### WHAT TO WORK ON
Would you copy, word for word, each line from the one with "1821 - December" to the end of the listing below, skipping all pictures?

### EXCERPTED RECORDS
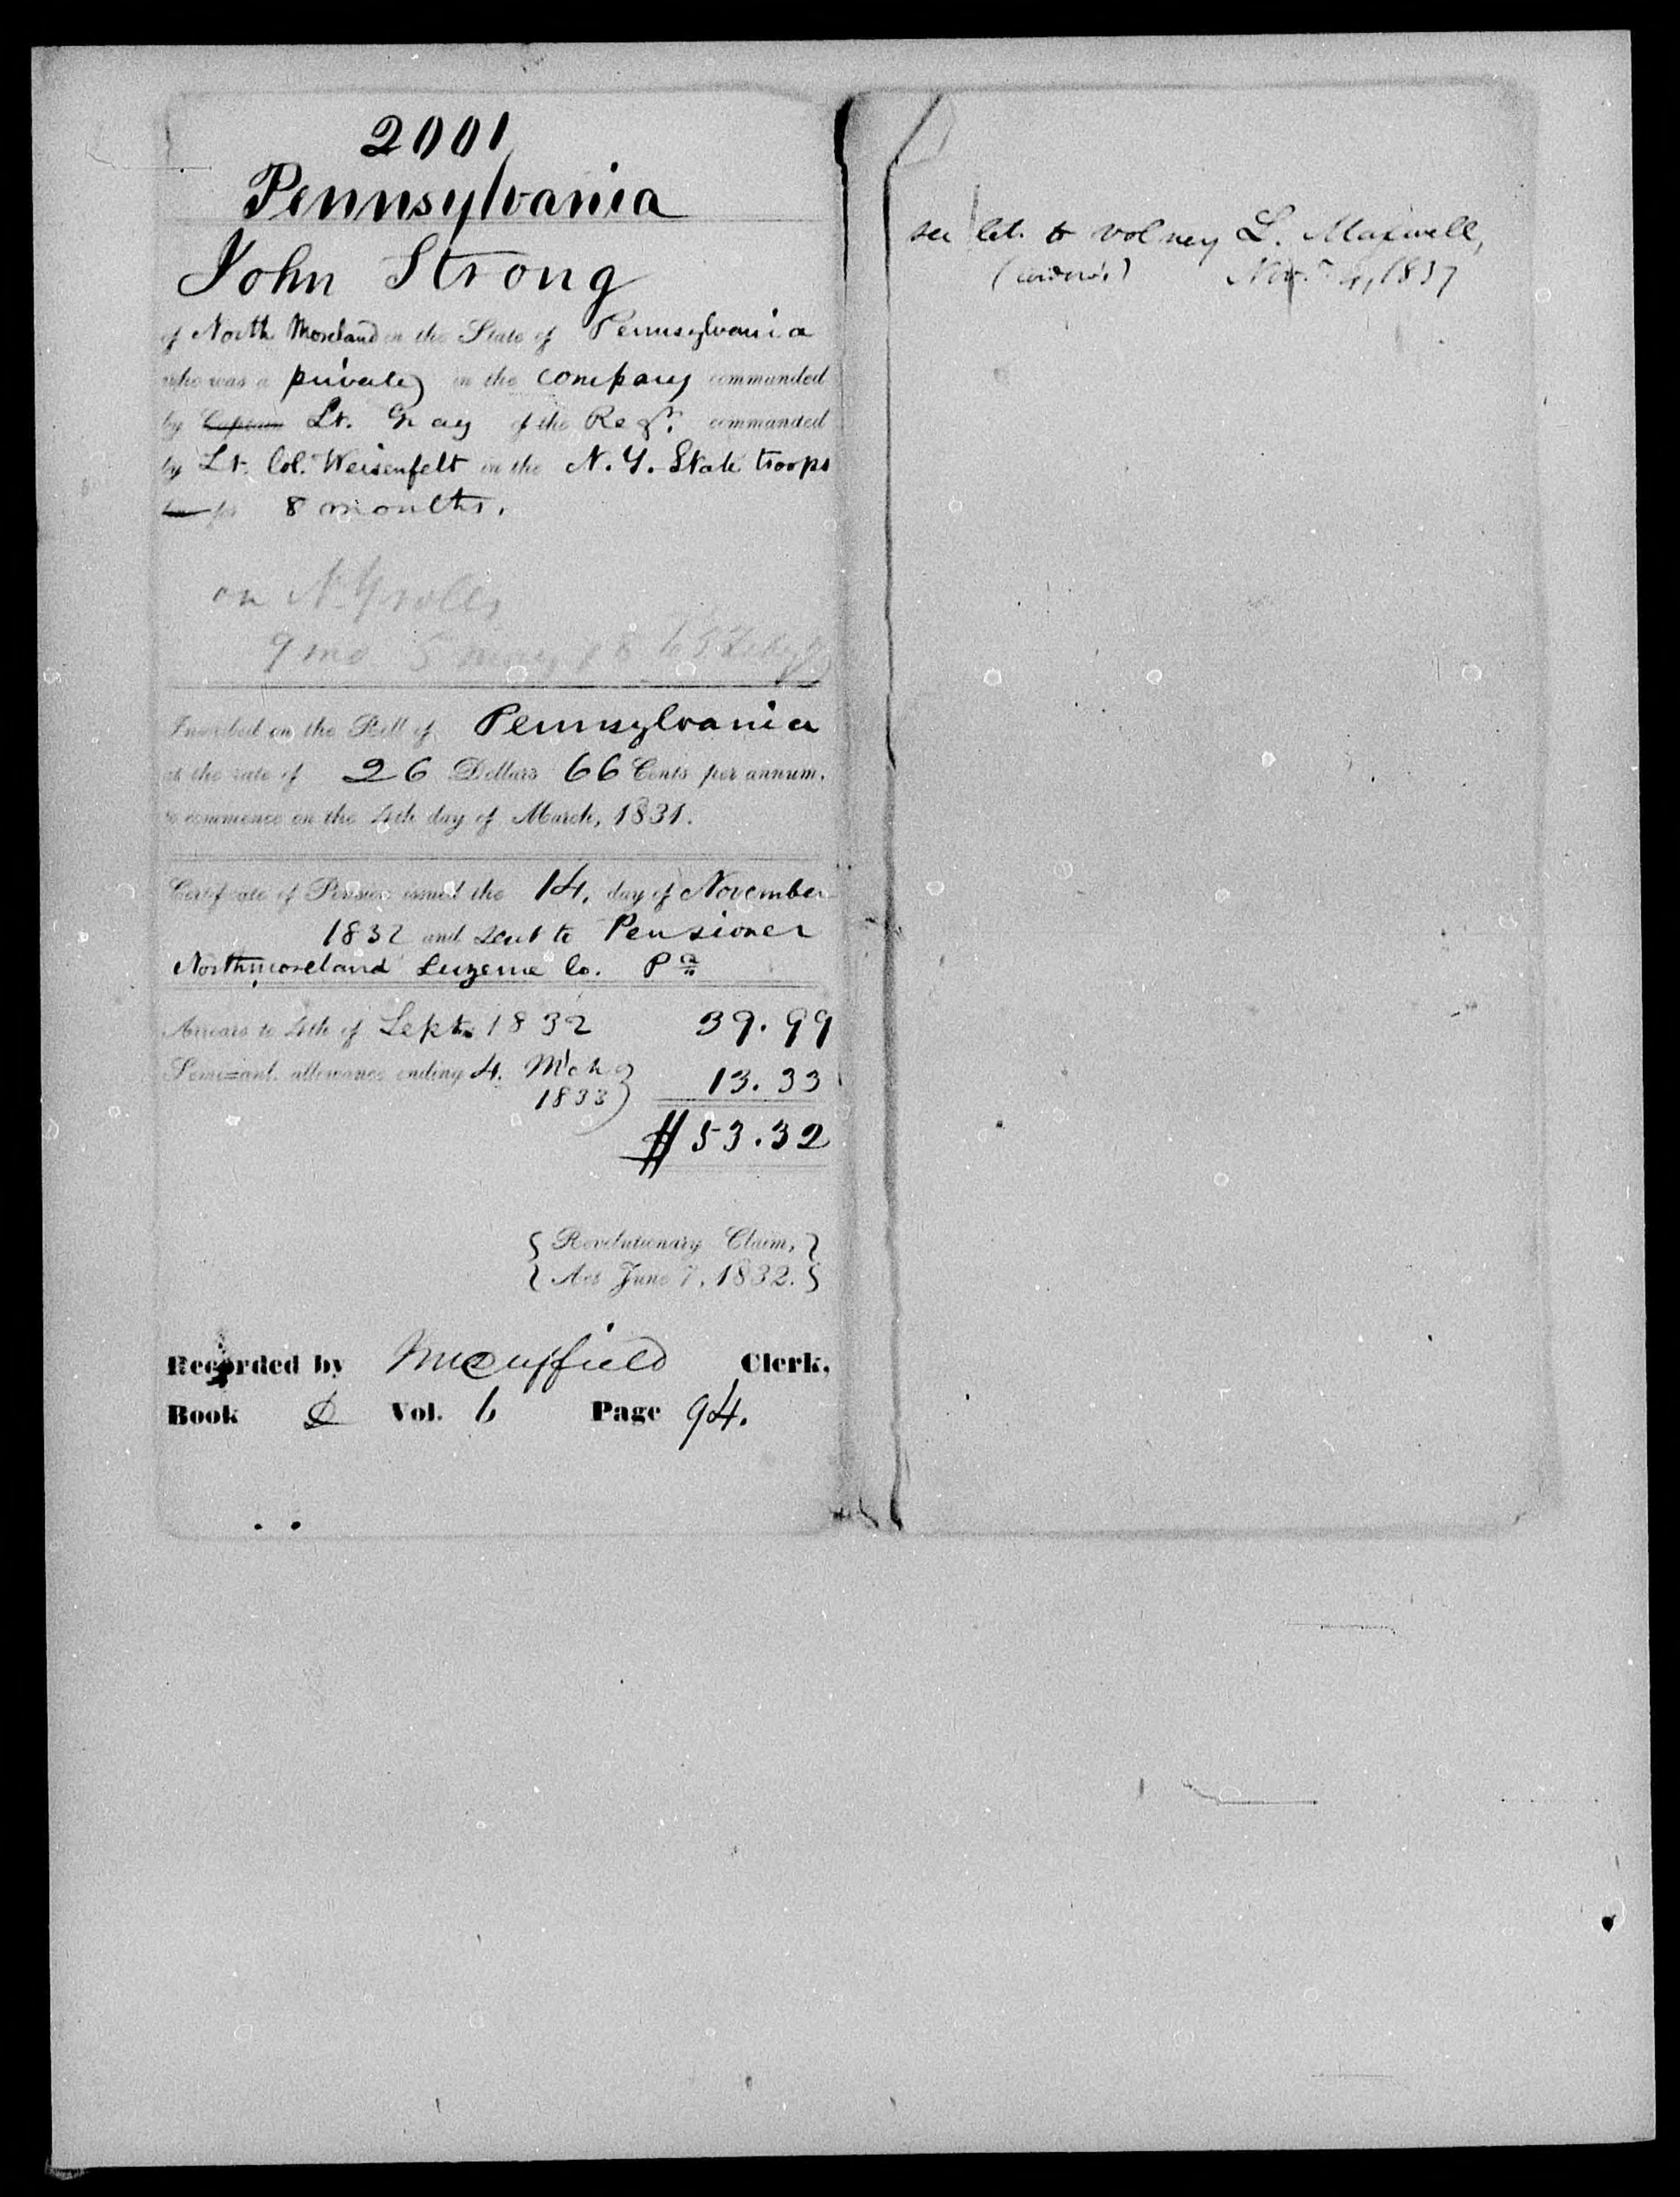2001
Pennsylvania
John Strong
of North Moreland in the State of Pennsylvania
who was a private in the company commanded 
by Lt. Gray of the Reg. commanded
by Lt. Col. Weisenfelt in the N. Y. State troops
for 8 months.

on N.Y. roll,
9 mo. 5 May 18 to 5 Feby

Inscribed on the Roll of Pennsylvania
at the rate of 26 Dollars 66 Cents per annum, 
to commence on the 4th day of March, 1831.

Certificate of Pension issued the 14, day of November
1832 and the sent to Pensioner
Northmoreland Luzerne Co. Pa

Arrears to 4th of Sept. 1832                                              39.99
Semi-anl. allowance ending 4 March of 1833.              13.33
                                                                                                        $53.32

{Revolutionary Claim, 
Act June 7, 1832}

Recorded by M. Cuffield Clerk,
Book D Vol. 6 Page 94

[text on second page on the right]
see let to volney L. Maxwell,
[illegible] Nov. 14[?] 1837

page: 2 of 33
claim: widow's
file: W. 4592, for John Strong, New York
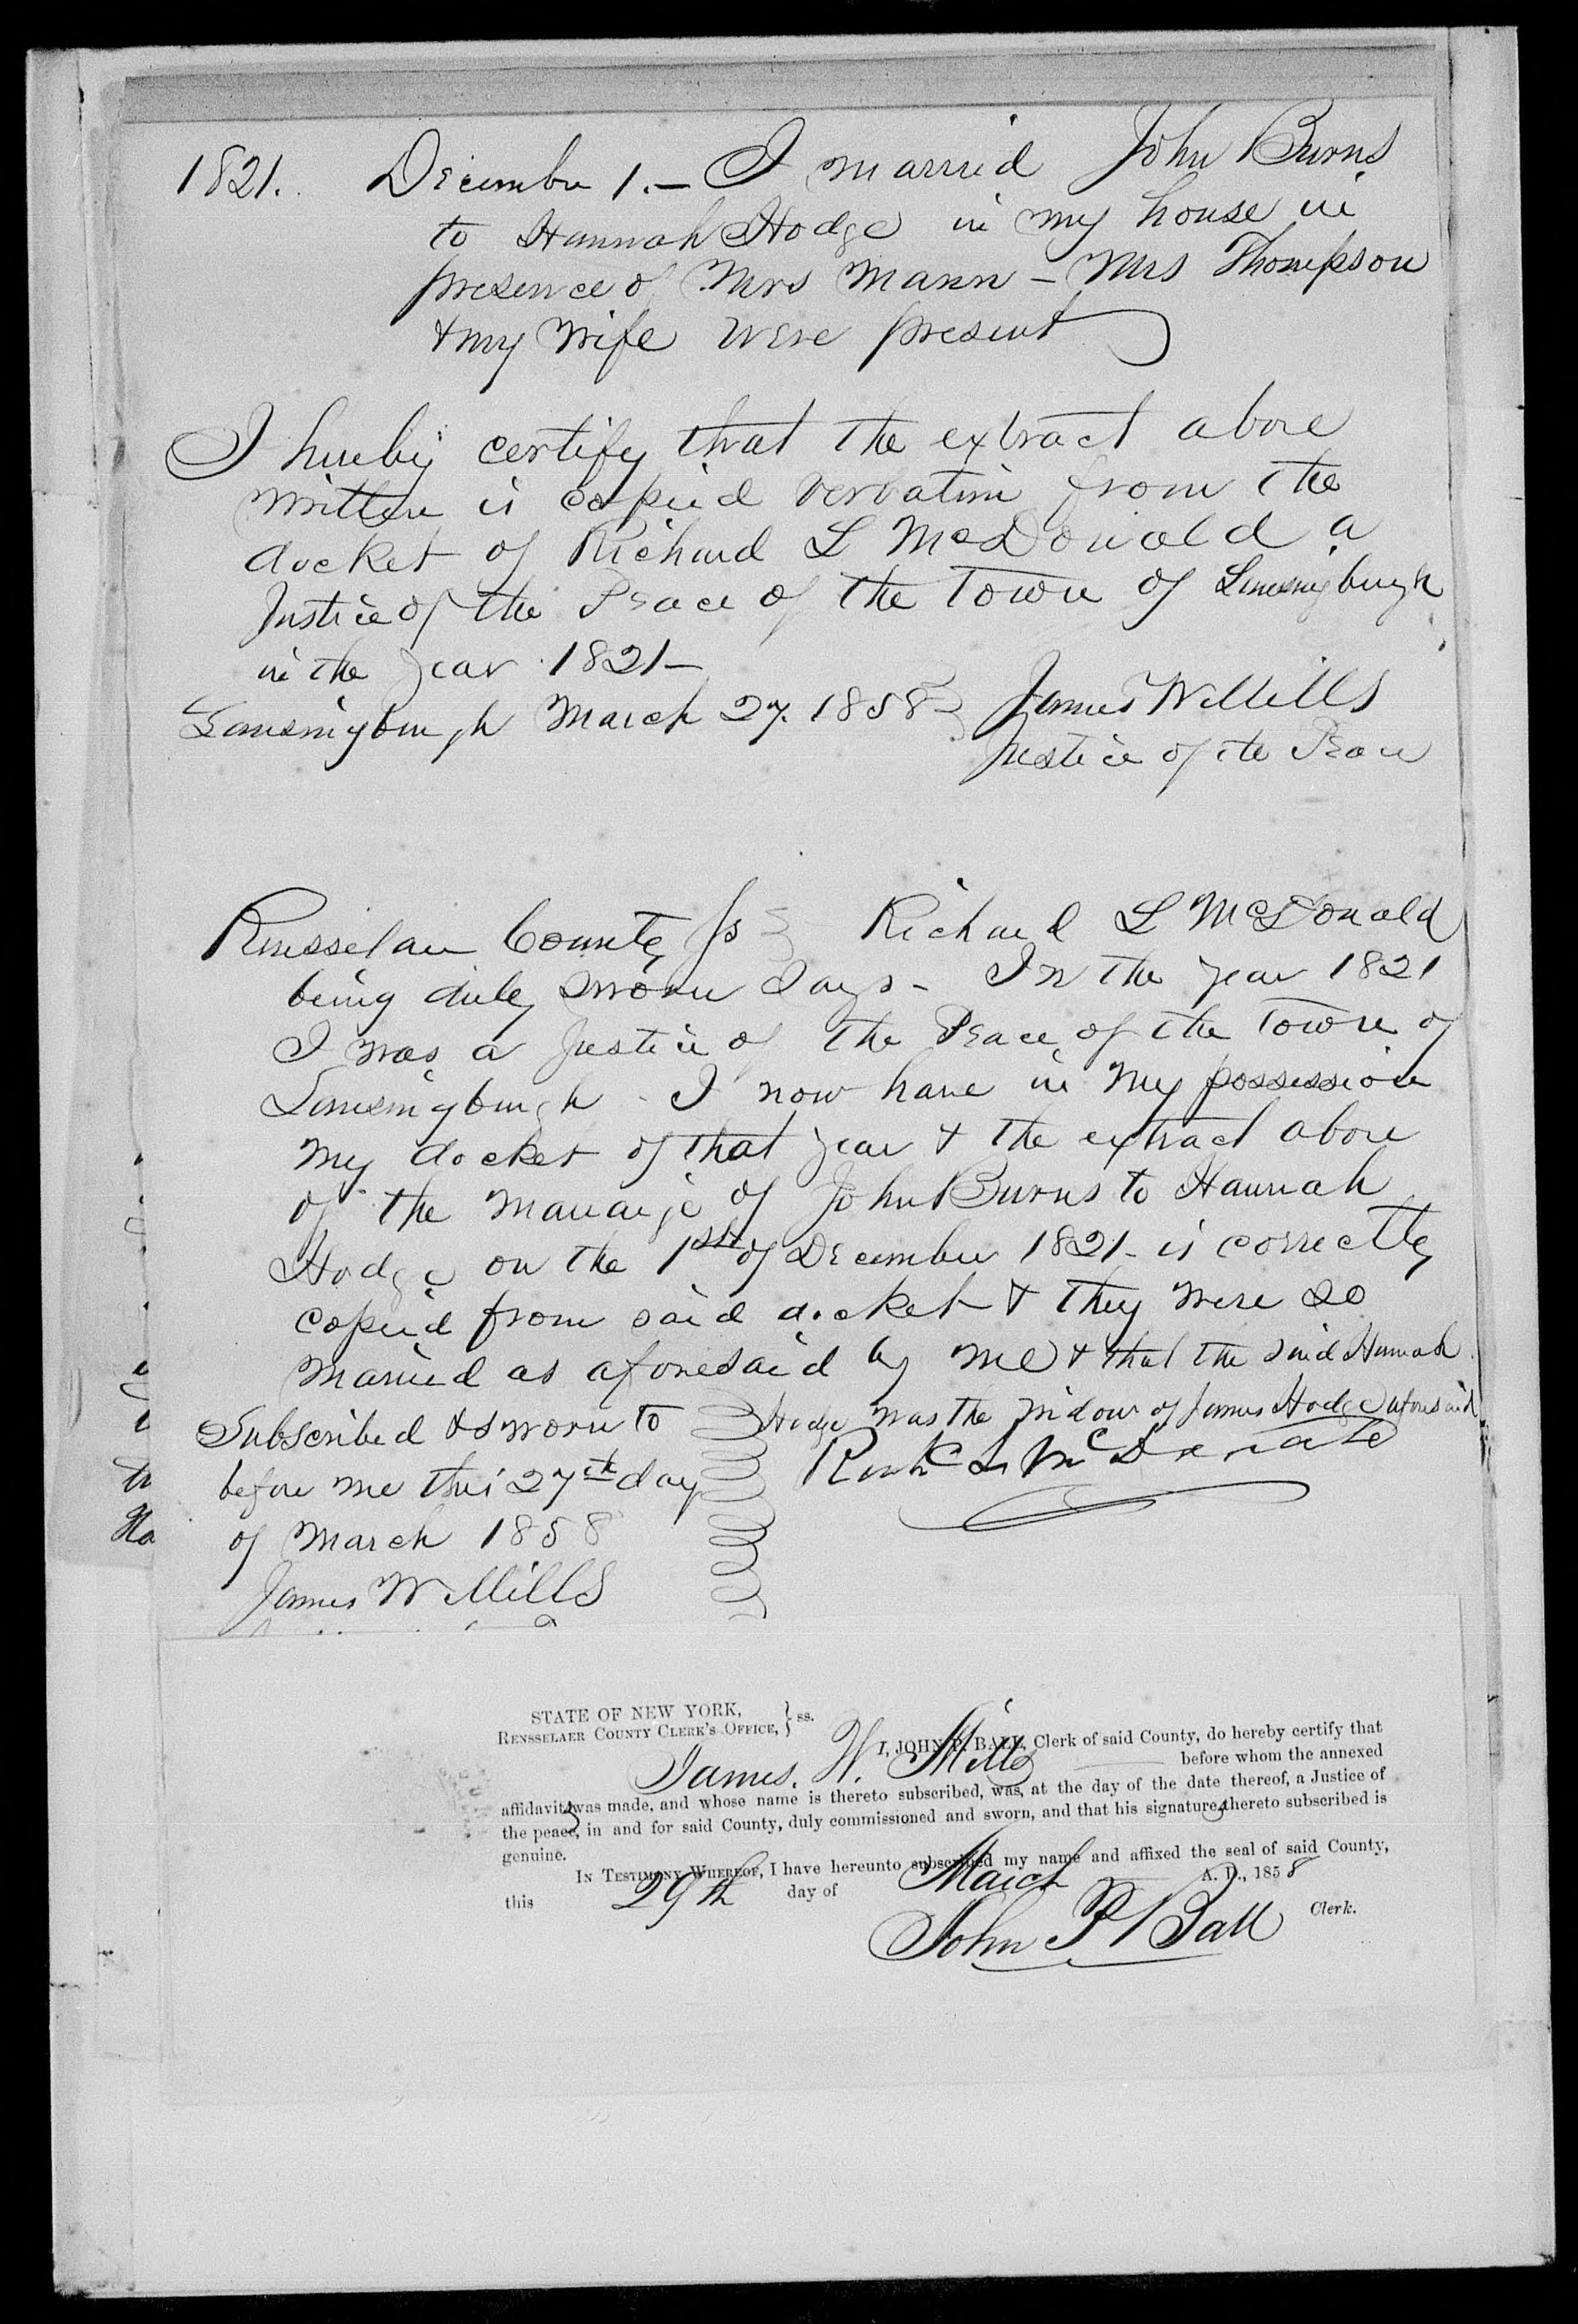1821 - December 1 - I married John Burnes to Hannah Hodge in my house in presence of Mrs Mann - Mrs Thompson + my wife were present
I hereby certify that the extract above (illegible) is copied verbatim from the docket of Richard L McDonald a Justice of the Peace of the town of Lansingburgh in the year 1821.
Lansingburgh March 27 1858 James W Mills
Justice of the Peace
Renesselaer County Richard L McDonald being duly sworn says in the year 1821 I was a Justice of the Peace of the town of Lansingburgh. I now have in my possession my docket of that year + the extract above of the marriage of John Burnes to Hannah Hodge on the 1st of December 1821 is correctly copied from said docket + they were so married as aforesaid by me + that the said Hannah Hodge was the widow of James Hodge (illegible).
Subscribed + sworn to before me this 27th day of March 1858
James W Mills

James W. Mills
29th day of March 
John P Ball

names: John Burns, Richard L Mc Donald, Hannah Hodge, John P Ball, John P Ball, Hannah Hodge, James W Mills, Hannah Hodge, Richd L Mc Donald, John Burns, James W Mills, James Hodge, Richard L Mc Donald, Mann, Thompson, James W Mills
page: 43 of 48
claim: widow's
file: W. 10476, James Hodge, New York

### EXERCISE ANSWER
1821 - December 1 - I married John Burnes to Hannah Hodge in my house in presence of Mrs Mann - Mrs Thompson + my wife were present
I hereby certify that the extract above (illegible) is copied verbatim from the docket of Richard L McDonald a Justice of the Peace of the town of Lansingburgh in the year 1821.
Lansingburgh March 27 1858 James W Mills
Justice of the Peace
Renesselaer County Richard L McDonald being duly sworn says in the year 1821 I was a Justice of the Peace of the town of Lansingburgh. I now have in my possession my docket of that year + the extract above of the marriage of John Burnes to Hannah Hodge on the 1st of December 1821 is correctly copied from said docket + they were so married as aforesaid by me + that the said Hannah Hodge was the widow of James Hodge (illegible).
Subscribed + sworn to before me this 27th day of March 1858
James W Mills

James W. Mills
29th day of March 
John P Ball

names: John Burns, Richard L Mc Donald, Hannah Hodge, John P Ball, John P Ball, Hannah Hodge, James W Mills, Hannah Hodge, Richd L Mc Donald, John Burns, James W Mills, James Hodge, Richard L Mc Donald, Mann, Thompson, James W Mills
page: 43 of 48
claim: widow's
file: W. 10476, James Hodge, New York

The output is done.